Data provided:
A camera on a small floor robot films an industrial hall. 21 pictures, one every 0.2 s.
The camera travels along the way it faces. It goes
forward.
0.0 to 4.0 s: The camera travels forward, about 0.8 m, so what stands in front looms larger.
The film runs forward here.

...

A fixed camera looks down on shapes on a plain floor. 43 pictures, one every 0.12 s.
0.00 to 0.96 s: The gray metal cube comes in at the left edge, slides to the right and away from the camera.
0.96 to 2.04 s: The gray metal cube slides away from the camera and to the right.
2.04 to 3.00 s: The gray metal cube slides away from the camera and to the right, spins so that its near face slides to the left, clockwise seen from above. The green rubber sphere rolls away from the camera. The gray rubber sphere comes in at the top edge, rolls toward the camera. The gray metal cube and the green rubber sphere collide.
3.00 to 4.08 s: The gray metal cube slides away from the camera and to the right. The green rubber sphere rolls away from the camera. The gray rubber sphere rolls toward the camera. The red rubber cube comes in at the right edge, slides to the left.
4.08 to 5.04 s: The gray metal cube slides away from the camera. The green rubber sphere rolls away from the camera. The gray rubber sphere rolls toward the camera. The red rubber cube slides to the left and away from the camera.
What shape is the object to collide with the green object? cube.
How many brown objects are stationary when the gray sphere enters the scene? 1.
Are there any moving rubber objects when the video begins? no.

* * *

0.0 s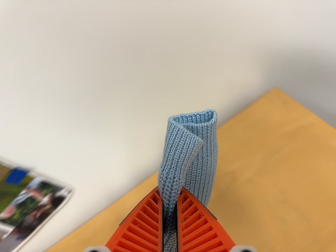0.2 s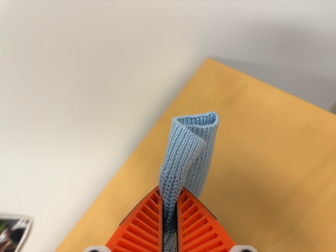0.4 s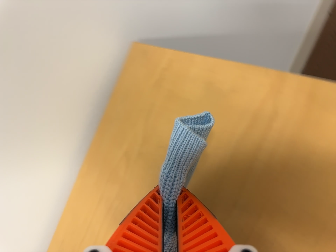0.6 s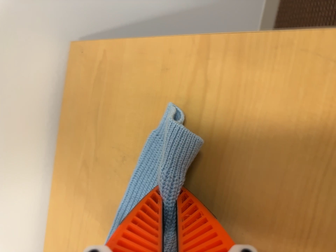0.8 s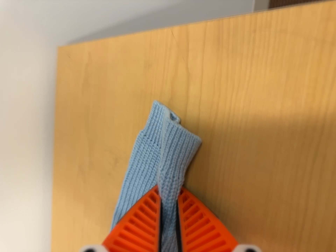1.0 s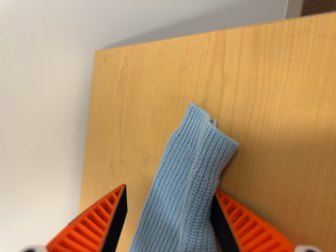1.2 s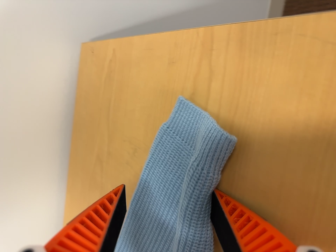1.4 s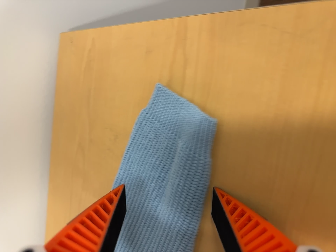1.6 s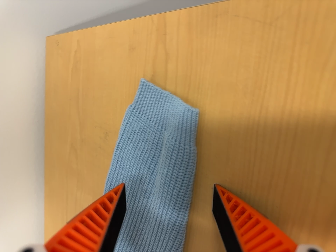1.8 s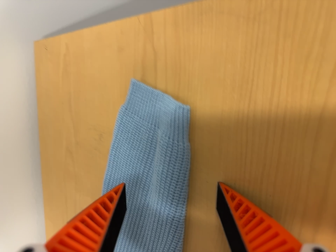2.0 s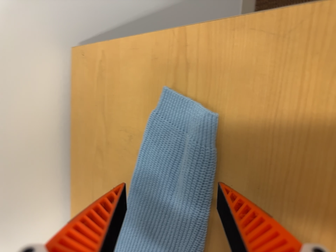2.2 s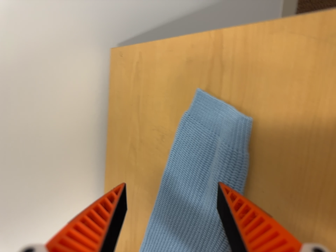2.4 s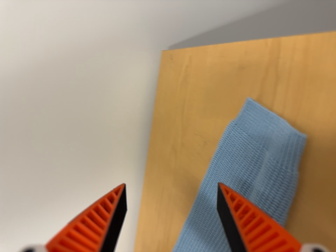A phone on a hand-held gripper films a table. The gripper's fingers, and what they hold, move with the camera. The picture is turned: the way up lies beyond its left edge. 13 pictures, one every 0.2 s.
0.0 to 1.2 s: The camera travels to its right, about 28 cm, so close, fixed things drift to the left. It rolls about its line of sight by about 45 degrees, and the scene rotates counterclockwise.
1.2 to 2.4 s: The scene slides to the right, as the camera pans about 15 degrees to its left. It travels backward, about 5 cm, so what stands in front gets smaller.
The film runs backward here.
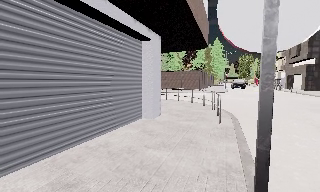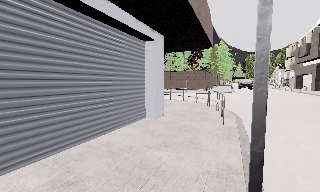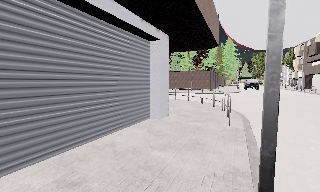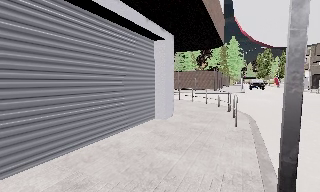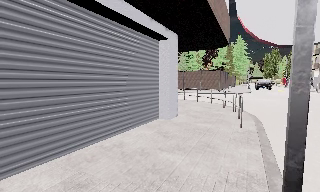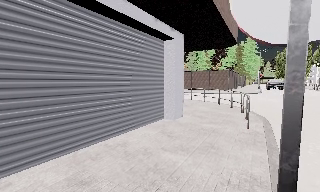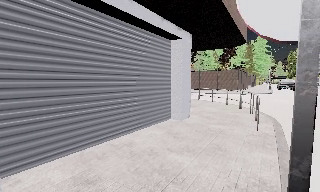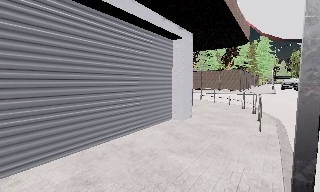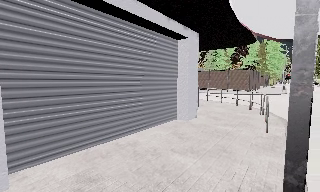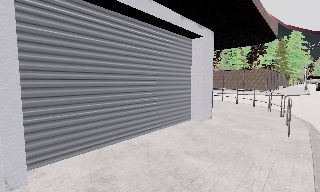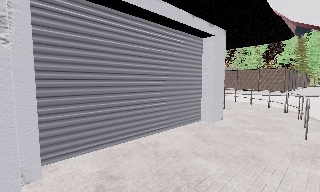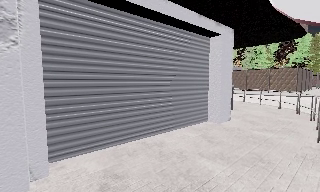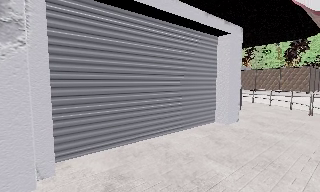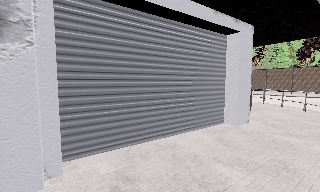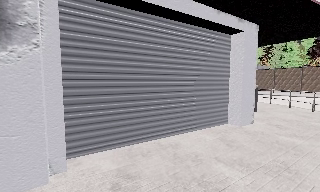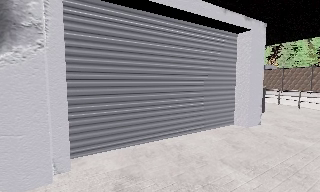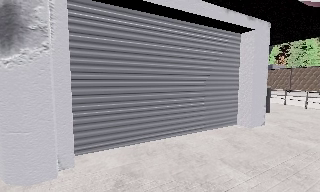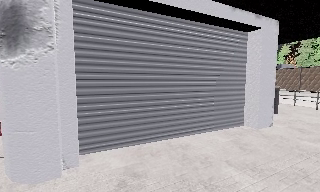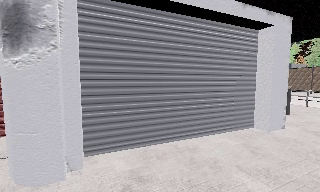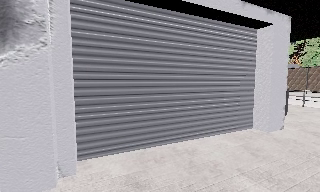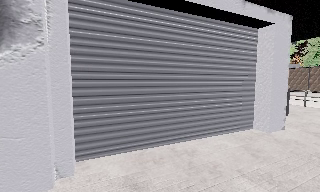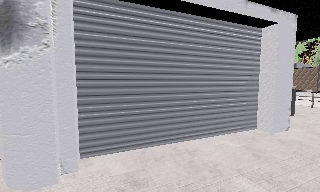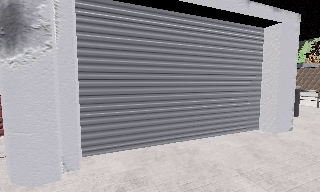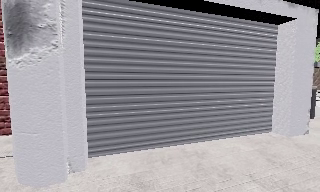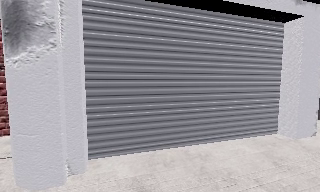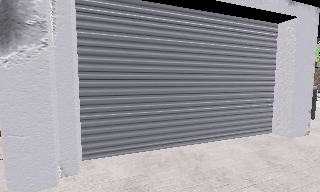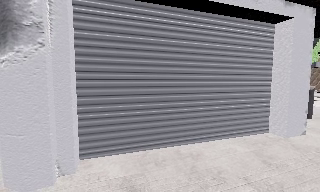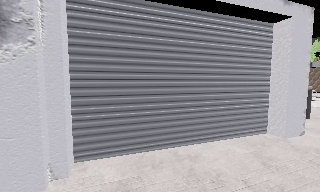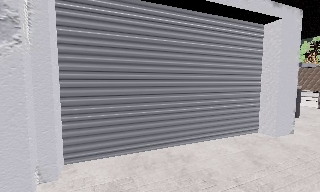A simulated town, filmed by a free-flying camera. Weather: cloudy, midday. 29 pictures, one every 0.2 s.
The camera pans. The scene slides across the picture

Work task:
Only one stretch of the records above is wanted: the lines between the one holding "A fixed camera" and the one holding "Are there any", inclusive, reproduced exactly.

Answer to this task:
A fixed camera looks down on shapes on a plain floor. 43 pictures, one every 0.12 s.
0.00 to 0.96 s: The gray metal cube comes in at the left edge, slides to the right and away from the camera.
0.96 to 2.04 s: The gray metal cube slides away from the camera and to the right.
2.04 to 3.00 s: The gray metal cube slides away from the camera and to the right, spins so that its near face slides to the left, clockwise seen from above. The green rubber sphere rolls away from the camera. The gray rubber sphere comes in at the top edge, rolls toward the camera. The gray metal cube and the green rubber sphere collide.
3.00 to 4.08 s: The gray metal cube slides away from the camera and to the right. The green rubber sphere rolls away from the camera. The gray rubber sphere rolls toward the camera. The red rubber cube comes in at the right edge, slides to the left.
4.08 to 5.04 s: The gray metal cube slides away from the camera. The green rubber sphere rolls away from the camera. The gray rubber sphere rolls toward the camera. The red rubber cube slides to the left and away from the camera.
What shape is the object to collide with the green object? cube.
How many brown objects are stationary when the gray sphere enters the scene? 1.
Are there any moving rubber objects when the video begins? no.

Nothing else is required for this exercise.